Both postdate the `0.26.0` wheel.
- **Trigger:** a `tantivy-py` release `> 0.26.0` containing #655 + #666 is published to PyPI.
- **Action:** bump the `tantivy-py` pin, then do items 13 above.
## Out of scope
- Unknown-field handling: Whoosh degraded an unknown `field:` to text; Tantivy 400s
(`http://x/a,b` → `Field does not exist: 'http'`). Not a date/comma/rename issue.
- Whoosh fields with no Tantivy equivalent: `owner` (text), the `has_*` presence
booleans, `is_shared`, `custom_field_count`, `custom_fields_id`.
- `>`/`<`/`>=`/`<=` comparisons — never supported in paperless-Whoosh (no `GtLtPlugin`).

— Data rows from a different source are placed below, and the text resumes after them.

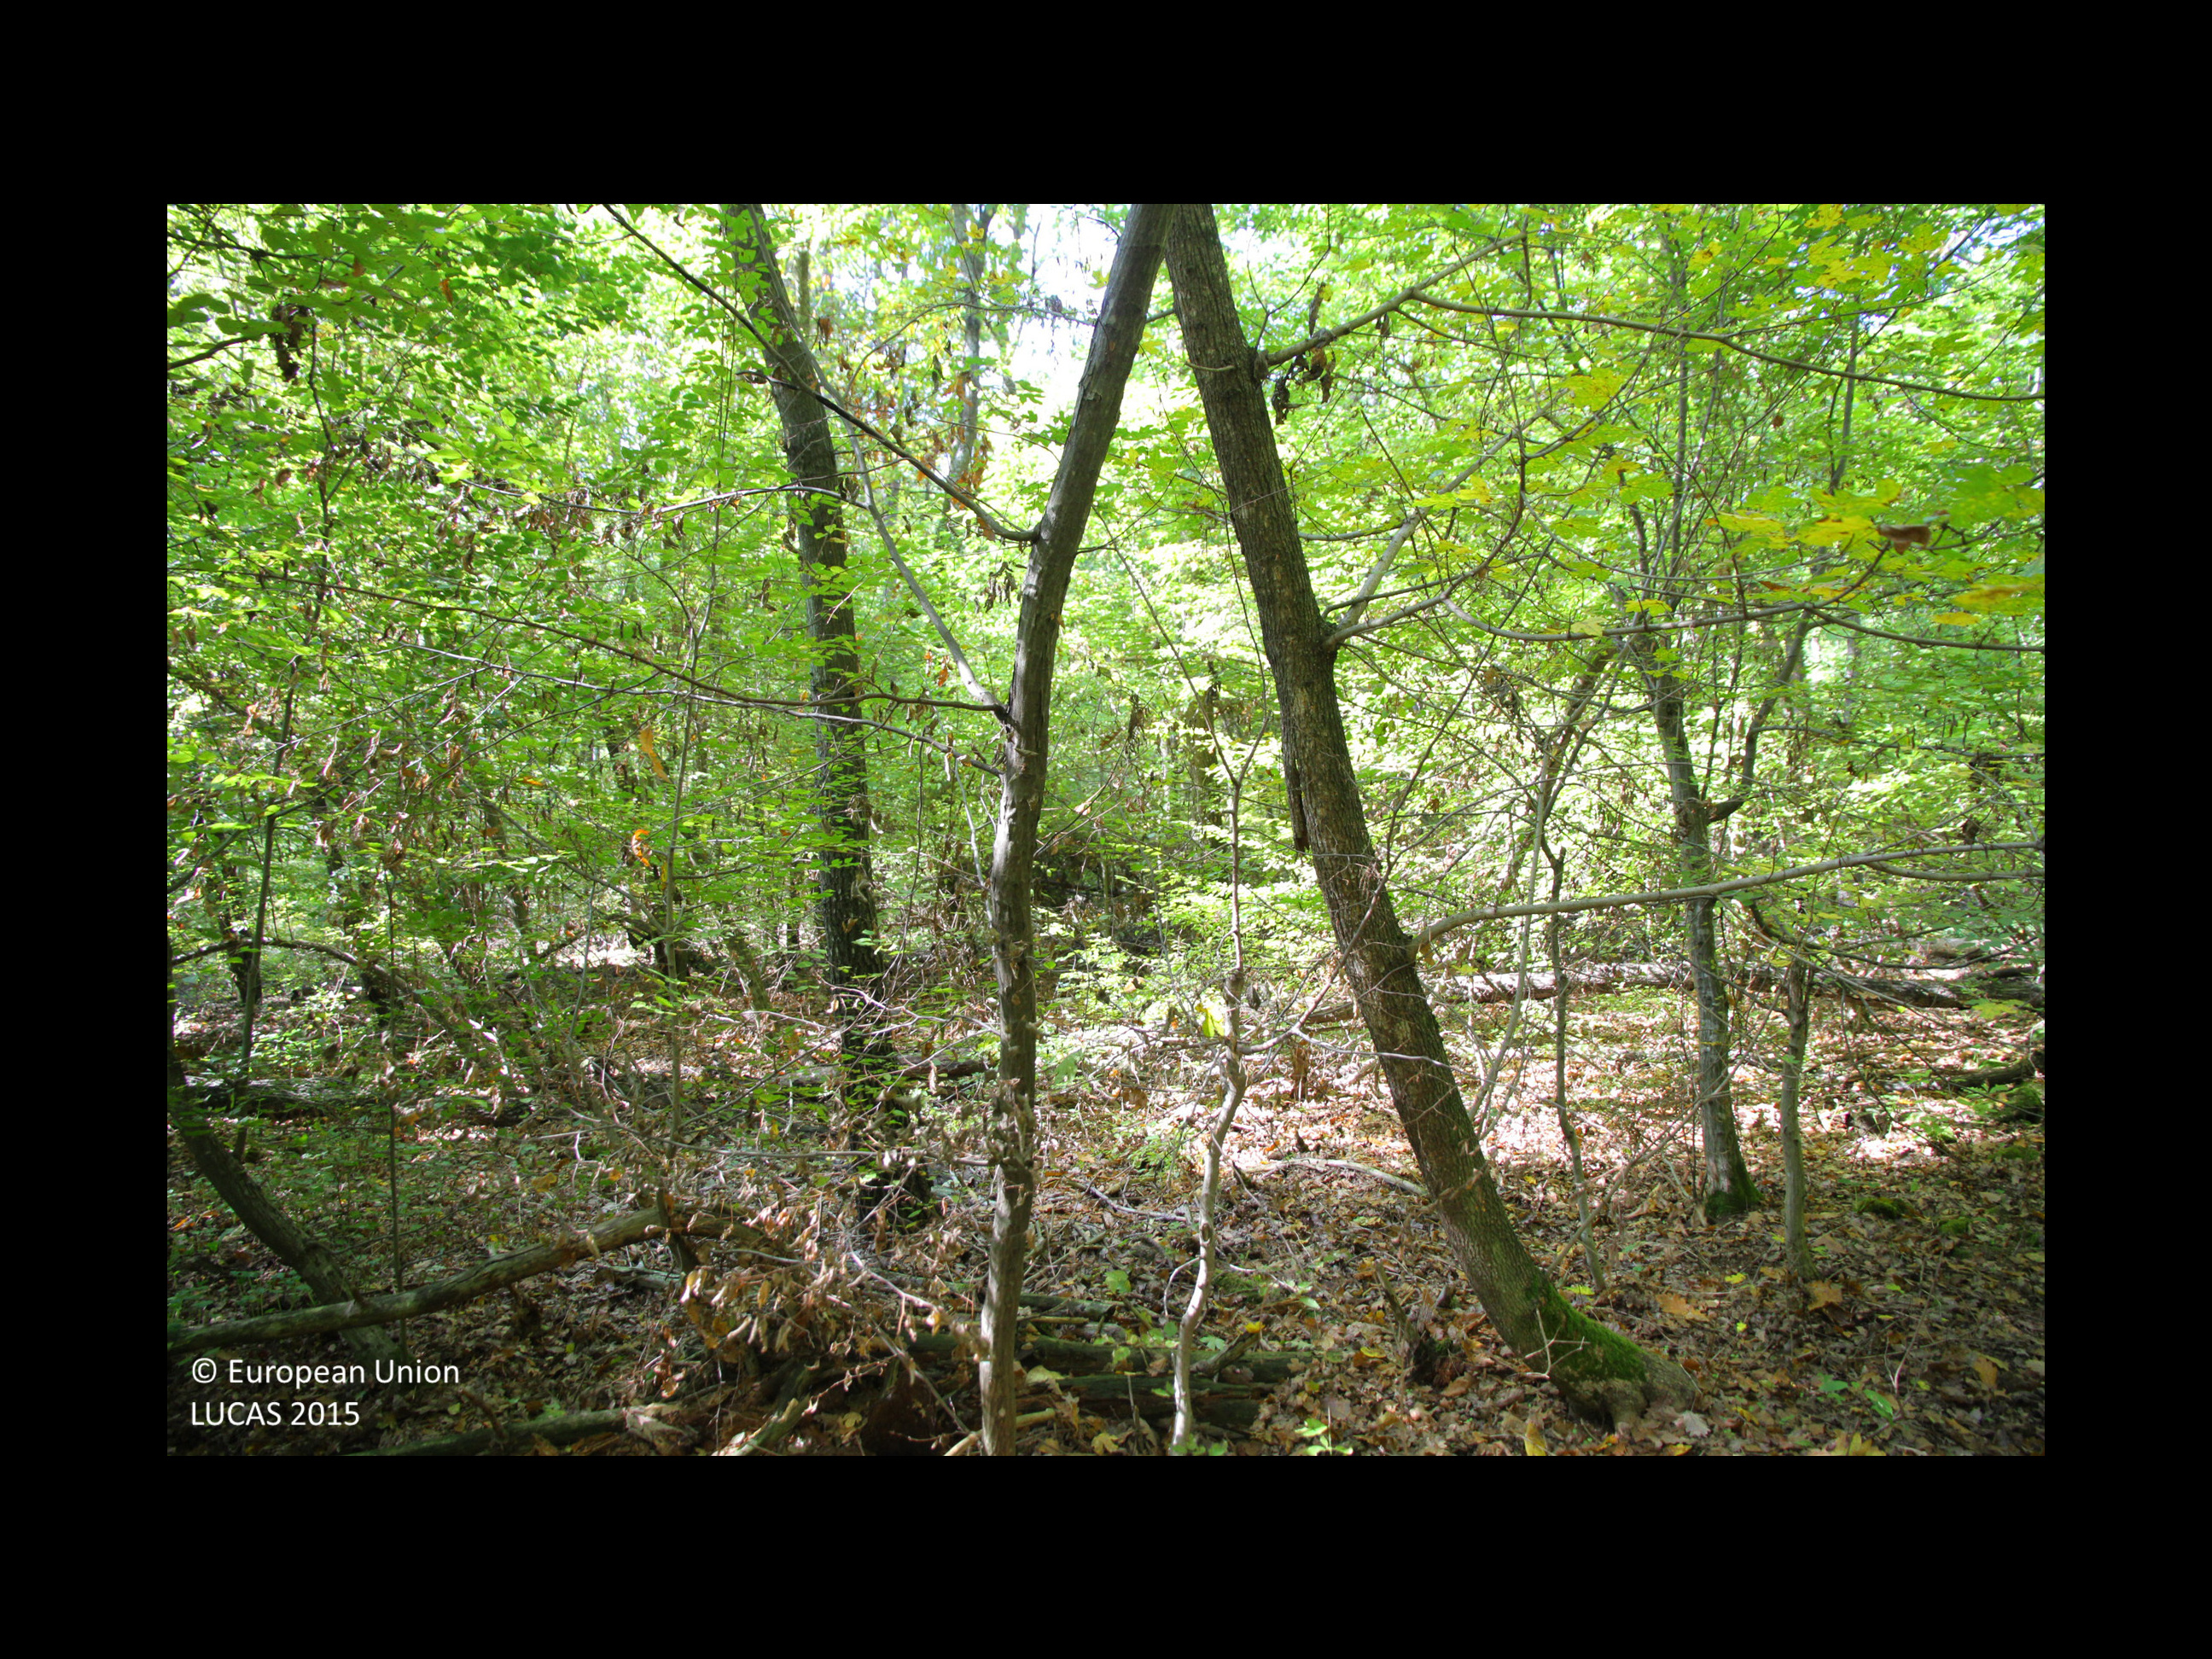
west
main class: Woodland
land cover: Broadleaved woodland
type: mesophytic deciduous forest
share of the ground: > 75 %
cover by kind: broadleaved forest trees 100 %
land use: Forestry
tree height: > 5 m
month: October
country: BG
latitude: 43.0202
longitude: 26.9329

## Reference / how to re-verify
- Tantivy side (does a translated string parse?): build a real index via
`documents.search._schema.build_schema` + `register_tokenizers`, then
`index.parse_query(translate_query(q, tz), DEFAULT_SEARCH_FIELDS, field_boosts=…)`.
- Whoosh side (what did v2 do?): the old `get_schema()` + `MultifieldParser([...]) +
DateParserPlugin(...)` still exists on `main` (`src/documents/index.py`); run a query
through it to get the ground-truth `Query`.
- A fuller empirical gap matrix lives in `SEARCH_TANTIVY_WHOOSH_COMPAT.md`.